Em fevereiro de 2008, o comandante do Exército, general Enzo Martins Peri, realizou uma cirurgia para implantar uma lente intraocular no olho esquerdo. A cirurgia rendeu-lhe uma acusação de corrupção. Ele foi acusado de ter ganho como cortesia a lente e o procedimento médico para implantá-la, realizado pelo Centro Brasileiro da Visão, em Brasília, no valor de R$ 3 mil. Credenciado há mais de 15 anos junto ao Fundo de Saúde do Exército (FUSEx), depois da cirurgia do general, o Centro Brasileiro de Visão teve seu contrato renovado, com cláusulas mais vantajosas.

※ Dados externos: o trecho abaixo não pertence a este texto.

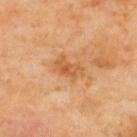biopsy status = no biopsy performed (imaged during a skin exam); image source = 15 mm crop, total-body photography; subject = male, roughly 70 years of age; location = the upper back.
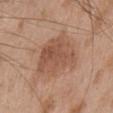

Leia outros temas de destaque hoje no Congresso em Foco
A denúncia contra o comandante do Exército foi feita pelo sargento Fernando Alcântara, e gerou um procedimento preparatório na Procuradoria da República no Distrito Federal, que iniciou a investigação em 5 de abril de 2010. Em 28 de maio de 2010, a procuradora enviou um ofício ao ex-ministro da Defesa, Nelson Jobim, para pedir informações sobre os fatos relatados. O ministério tinha 30 dias para responder, mas o ex-ministro só encaminhou as informações em 26 de agosto do mesmo ano. A conclusão do ministro foi de que as informações eram infundadas e careciam de comprovação. A procuradora, então, arquivou o processo em 28 de setembro de 2010, por falta de provas suficientes que pudessem condenar o general.
Leia também
No mesmo documento apresentado como resposta, o ex-ministro da Defesa solicitou à procuradora que determinasse a apuração de responsabilidade em decorrência de oferecimento de acusações infundadas e falsas. O ofício que embasa a resposta do ministro foi assinada pelo General-de-Divisão Joaquim Silva e Luna, chefe do Gabinete do Comandante do Exército, subordinado direto do general Enzo Peri.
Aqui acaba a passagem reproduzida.